··· Supplied records ···

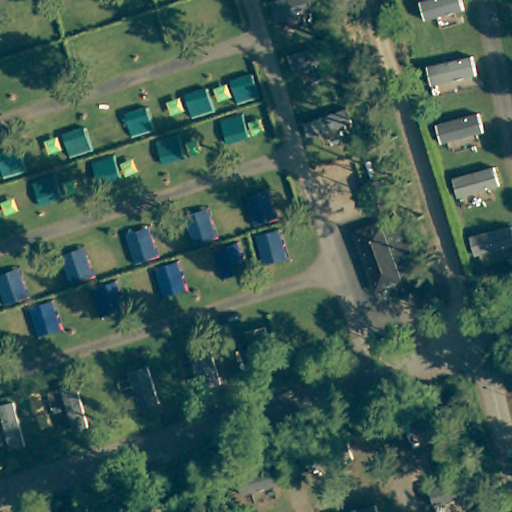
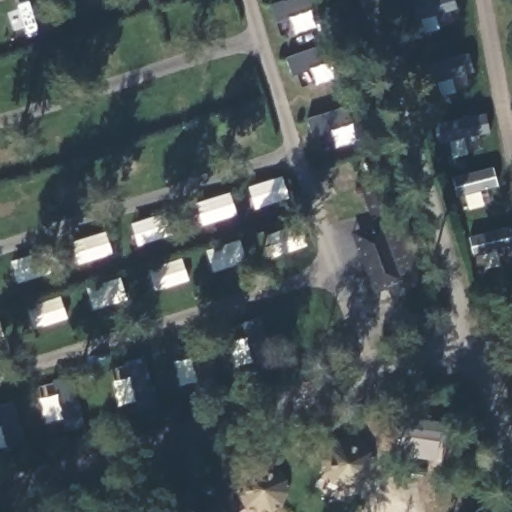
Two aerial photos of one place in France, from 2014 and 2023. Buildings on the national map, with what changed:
unchanged [(365,229),(377,225),(397,218),(417,282),(398,288),(385,293),(365,229)]

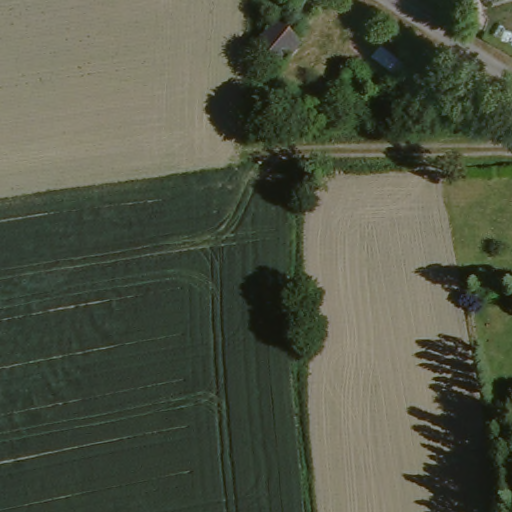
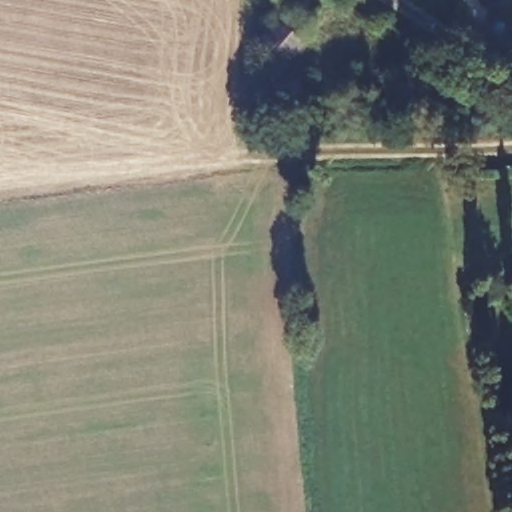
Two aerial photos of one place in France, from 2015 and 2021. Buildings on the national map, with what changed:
unchanged [(256,43),(277,20),(301,42),(281,65),(256,43)]
unchanged [(346,94),(335,85),(346,72),(357,82),(346,94)]

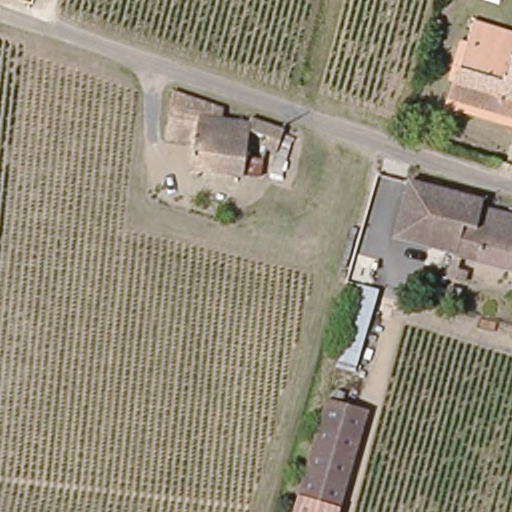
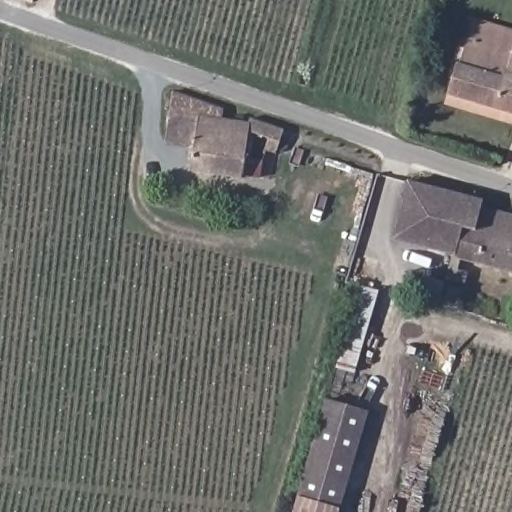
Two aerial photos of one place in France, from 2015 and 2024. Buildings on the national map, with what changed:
unchanged [(476,11),(512,24),(512,101),(453,81),(476,11)]
unchanged [(448,96),(453,81),(512,101),(512,118),(448,96)]
unchanged [(266,171),(264,177),(246,172),(242,186),(185,170),(192,137),(166,126),(176,87),(227,105),(224,115),(250,124),(253,115),(289,127),(281,160),(276,175),(266,171)]
unchanged [(477,259),(469,279),(450,271),(456,251),(408,235),(425,180),(496,202),(494,210),(512,215),(512,270),(477,259)]
unchanged [(322,358),(342,295),(348,275),(373,283),(367,303),(347,366),(322,358)]
unchanged [(370,411),(341,510),(294,493),(324,395),(370,411)]
unchanged [(341,510),(340,512),(288,512),(294,493),(341,510)]

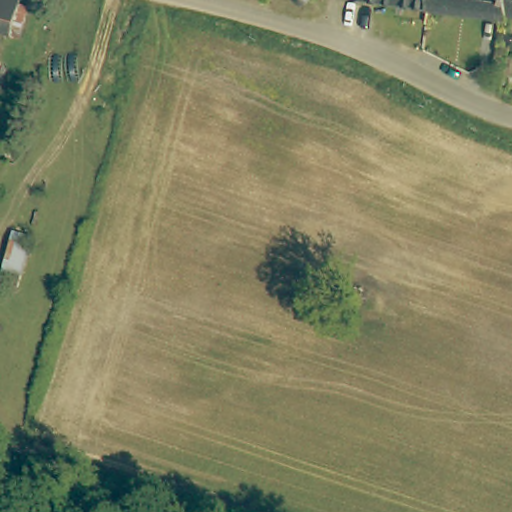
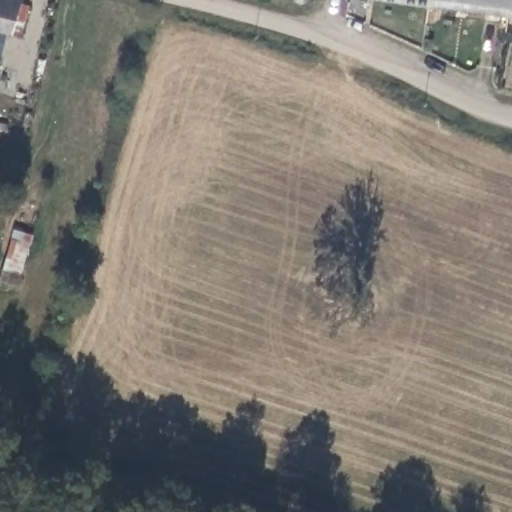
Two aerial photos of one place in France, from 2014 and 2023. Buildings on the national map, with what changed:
unchanged [(30,6),(16,39),(0,31),(0,13),(6,0),(17,0),(30,6)]
unchanged [(310,9),(296,5),(296,0),(314,0),(313,2),(310,1),(310,9)]
unchanged [(404,0),(512,0),(512,7),(511,11),(404,0)]
unchanged [(511,11),(512,7),(512,11),(511,11)]

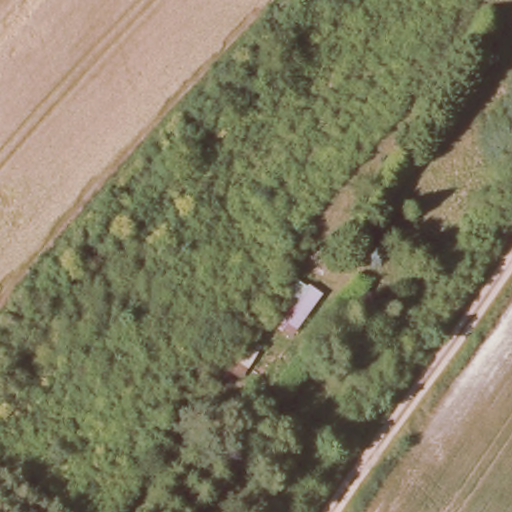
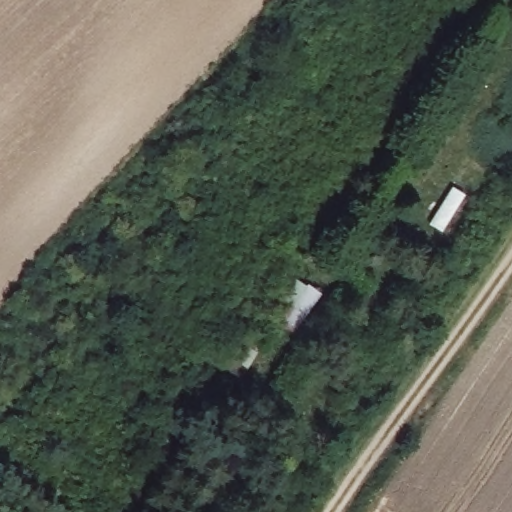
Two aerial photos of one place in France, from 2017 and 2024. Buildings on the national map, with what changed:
unchanged [(295,336),(269,317),(294,279),(323,299),(295,336)]
unchanged [(246,373),(229,361),(245,336),(265,350),(246,373)]

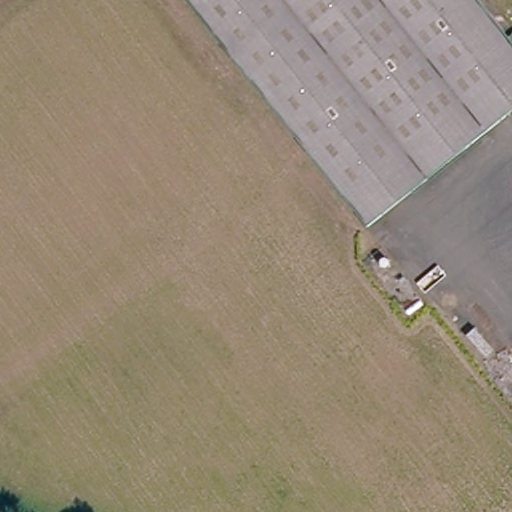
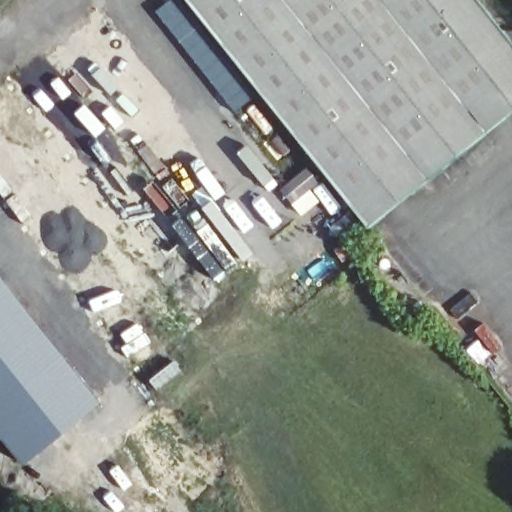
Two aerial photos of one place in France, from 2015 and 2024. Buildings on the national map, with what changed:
unchanged [(512,115),(361,232),(183,0),(475,0),(512,49),(512,115)]
new [(99,402),(21,466),(0,440),(0,278),(99,402)]

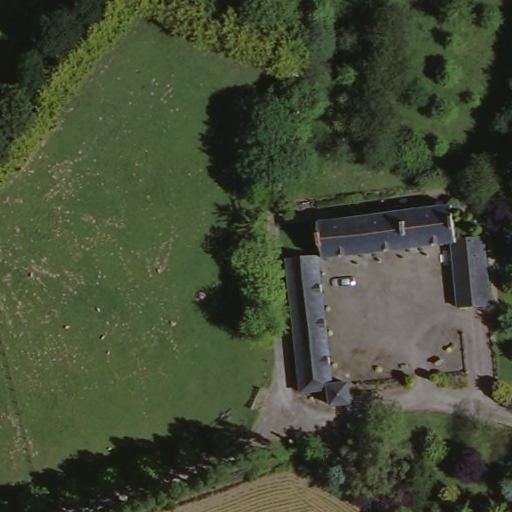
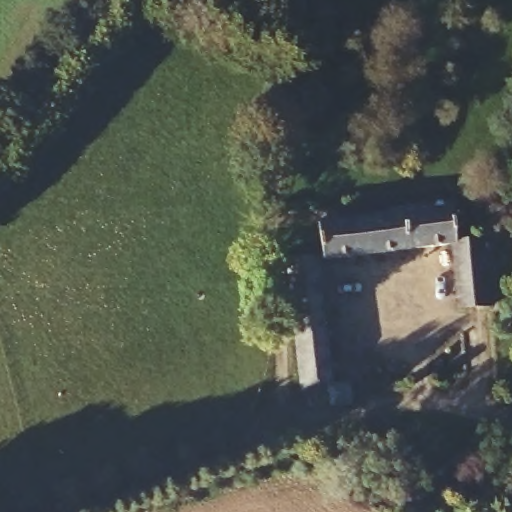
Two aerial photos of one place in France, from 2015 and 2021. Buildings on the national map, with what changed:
unchanged [(326,251),(323,213),(454,199),(455,237),(455,239),(326,251)]
unchanged [(455,239),(455,237),(486,234),(491,305),(458,308),(455,239)]
unchanged [(350,397),(332,398),(330,376),(302,379),(302,373),(290,254),(289,253),(320,249),(334,375),(349,374),(350,397)]

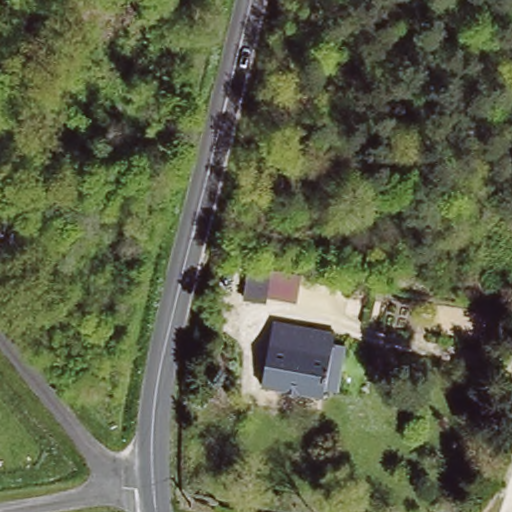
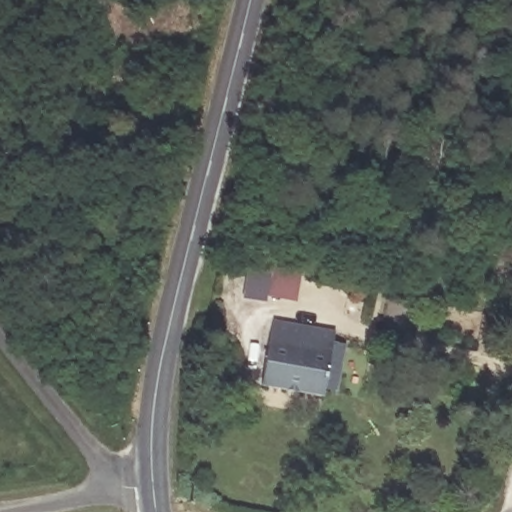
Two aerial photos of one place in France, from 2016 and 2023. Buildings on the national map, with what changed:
unchanged [(249,266),(301,274),(298,302),(269,297),(267,303),(243,300),(249,266)]
unchanged [(340,382),(328,380),(326,392),(266,383),(279,318),(300,322),(324,325),(348,328),(340,382)]

···

Whatever pictures the entries contain, omit them, and write the rest out exactly.

Two aerial photos of one place in France, from 2014 and 2023. Buildings on the national map, with what changed:
unchanged [(365,229),(377,225),(397,218),(417,282),(398,288),(385,293),(365,229)]

Two aerial photos of one place in France, from 2015 and 2021. Buildings on the national map, with what changed:
unchanged [(256,43),(277,20),(301,42),(281,65),(256,43)]
unchanged [(346,94),(335,85),(346,72),(357,82),(346,94)]

Two aerial photos of one place in France, from 2015 and 2024. Buildings on the national map, with what changed:
unchanged [(476,11),(512,24),(512,101),(453,81),(476,11)]
unchanged [(448,96),(453,81),(512,101),(512,118),(448,96)]
unchanged [(266,171),(264,177),(246,172),(242,186),(185,170),(192,137),(166,126),(176,87),(227,105),(224,115),(250,124),(253,115),(289,127),(281,160),(276,175),(266,171)]
unchanged [(477,259),(469,279),(450,271),(456,251),(408,235),(425,180),(496,202),(494,210),(512,215),(512,270),(477,259)]
unchanged [(322,358),(342,295),(348,275),(373,283),(367,303),(347,366),(322,358)]
unchanged [(370,411),(341,510),(294,493),(324,395),(370,411)]
unchanged [(341,510),(340,512),(288,512),(294,493),(341,510)]

Two aerial photos of one place in France, from 2014 and 2023. Buildings on the national map, with what changed:
unchanged [(30,6),(16,39),(0,31),(0,13),(6,0),(17,0),(30,6)]
unchanged [(310,9),(296,5),(296,0),(314,0),(313,2),(310,1),(310,9)]
unchanged [(404,0),(512,0),(512,7),(511,11),(404,0)]
unchanged [(511,11),(512,7),(512,11),(511,11)]

Two aerial photos of one place in France, from 2017 and 2024. Buildings on the national map, with what changed:
unchanged [(295,336),(269,317),(294,279),(323,299),(295,336)]
unchanged [(246,373),(229,361),(245,336),(265,350),(246,373)]

Two aerial photos of one place in France, from 2015 and 2024. Buildings on the national map, with what changed:
unchanged [(512,115),(361,232),(183,0),(475,0),(512,49),(512,115)]
new [(99,402),(21,466),(0,440),(0,278),(99,402)]

Two aerial photos of one place in France, from 2015 and 2021. Buildings on the national map, with what changed:
unchanged [(326,251),(323,213),(454,199),(455,237),(455,239),(326,251)]
unchanged [(455,239),(455,237),(486,234),(491,305),(458,308),(455,239)]
unchanged [(350,397),(332,398),(330,376),(302,379),(302,373),(290,254),(289,253),(320,249),(334,375),(349,374),(350,397)]

Two aerial photos of one place in France, from 2016 and 2023. Buildings on the national map, with what changed:
unchanged [(249,266),(301,274),(298,302),(269,297),(267,303),(243,300),(249,266)]
unchanged [(340,382),(328,380),(326,392),(266,383),(279,318),(300,322),(324,325),(348,328),(340,382)]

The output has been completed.